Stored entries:
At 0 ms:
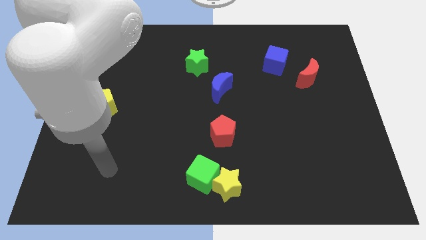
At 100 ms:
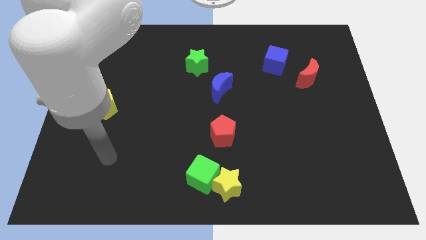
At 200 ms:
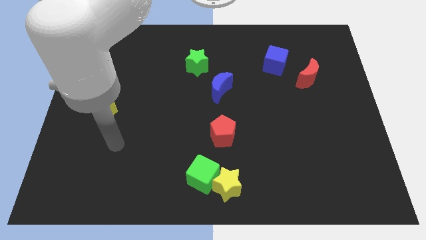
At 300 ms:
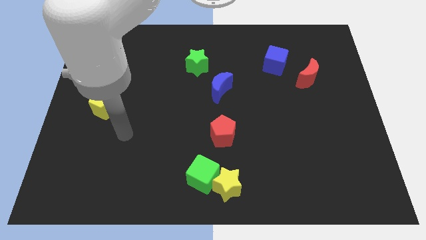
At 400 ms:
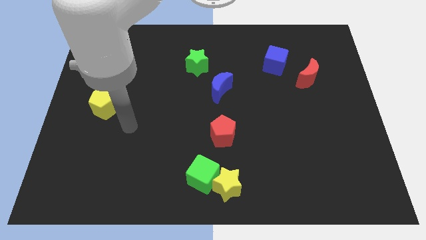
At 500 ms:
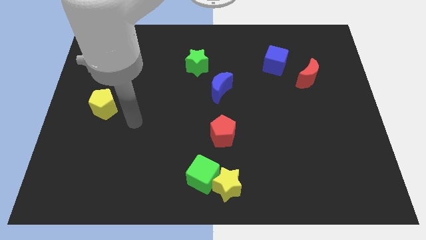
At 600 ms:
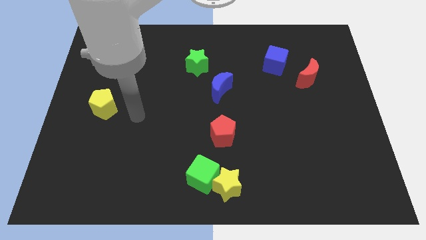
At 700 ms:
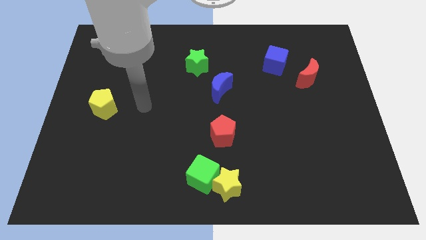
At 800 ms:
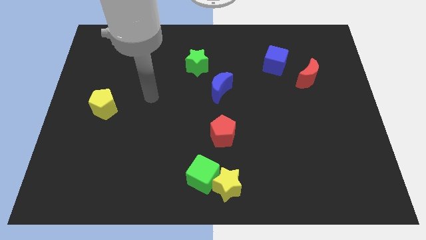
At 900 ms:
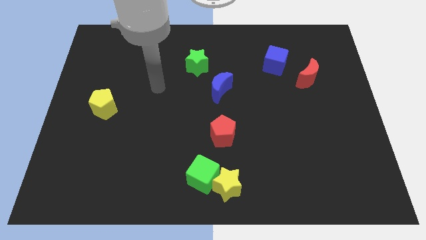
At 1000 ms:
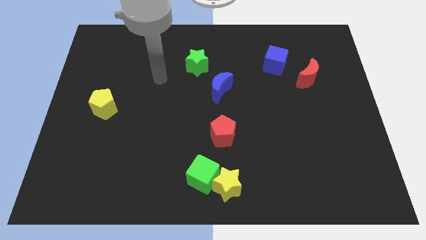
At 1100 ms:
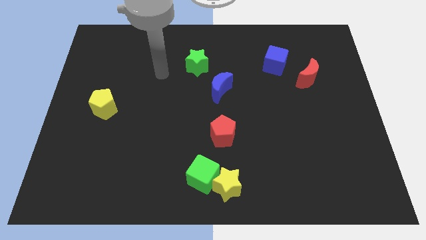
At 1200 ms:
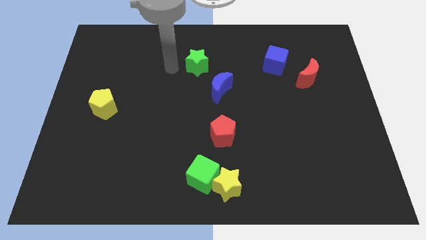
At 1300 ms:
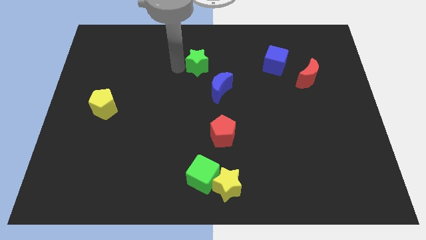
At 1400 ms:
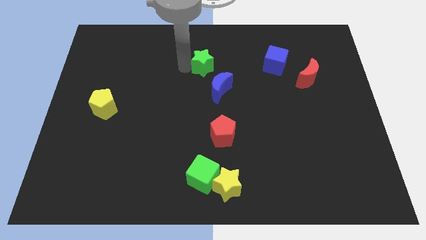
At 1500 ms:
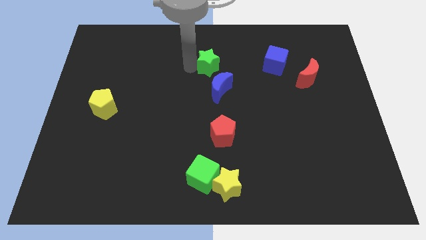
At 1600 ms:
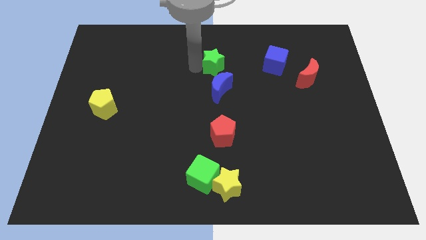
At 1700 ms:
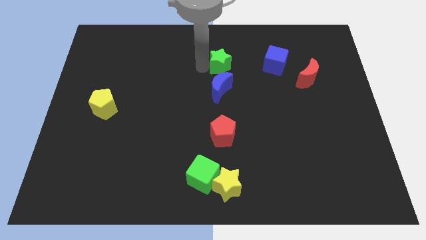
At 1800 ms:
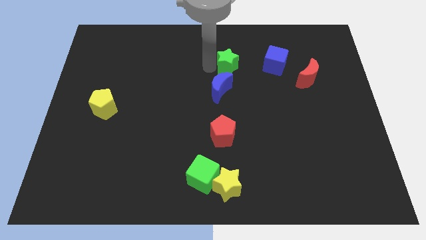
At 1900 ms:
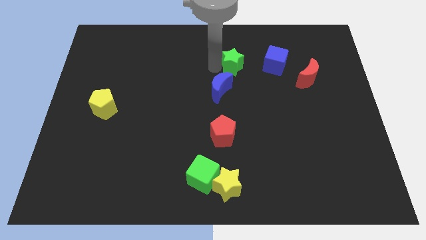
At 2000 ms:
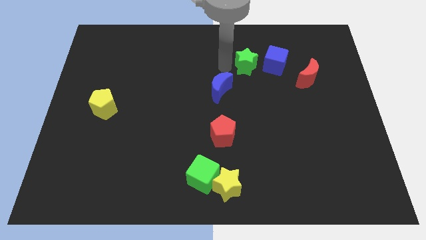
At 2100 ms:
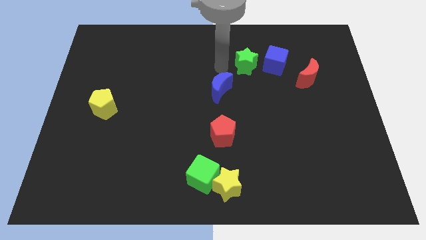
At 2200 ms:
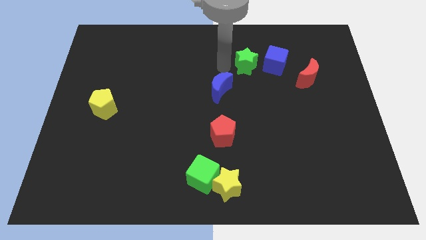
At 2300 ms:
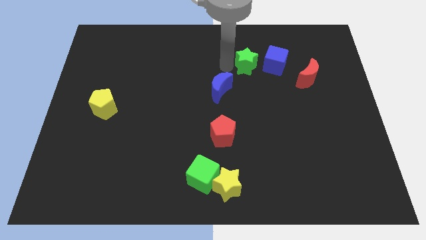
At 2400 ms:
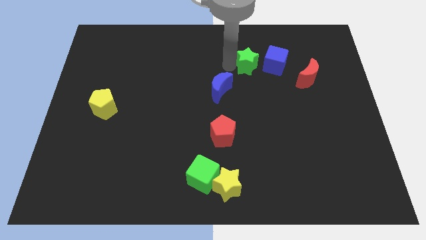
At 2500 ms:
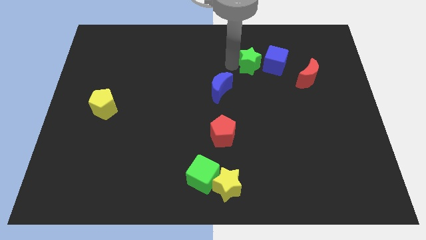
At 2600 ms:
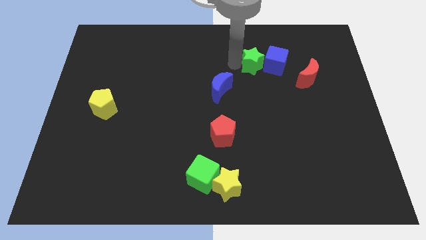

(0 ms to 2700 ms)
slide the green star to the blue cube

- _PROBLEM DESCRIPTION_: Leaving out the pictures, repeat all the entries exactly as they stand.

- _RESULT FOR THIS EXERCISE_:
At 0 ms:
At 100 ms:
At 200 ms:
At 300 ms:
At 400 ms:
At 500 ms:
At 600 ms:
At 700 ms:
At 800 ms:
At 900 ms:
At 1000 ms:
At 1100 ms:
At 1200 ms:
At 1300 ms:
At 1400 ms:
At 1500 ms:
At 1600 ms:
At 1700 ms:
At 1800 ms:
At 1900 ms:
At 2000 ms:
At 2100 ms:
At 2200 ms:
At 2300 ms:
At 2400 ms:
At 2500 ms:
At 2600 ms:

(0 ms to 2700 ms)
slide the green star to the blue cube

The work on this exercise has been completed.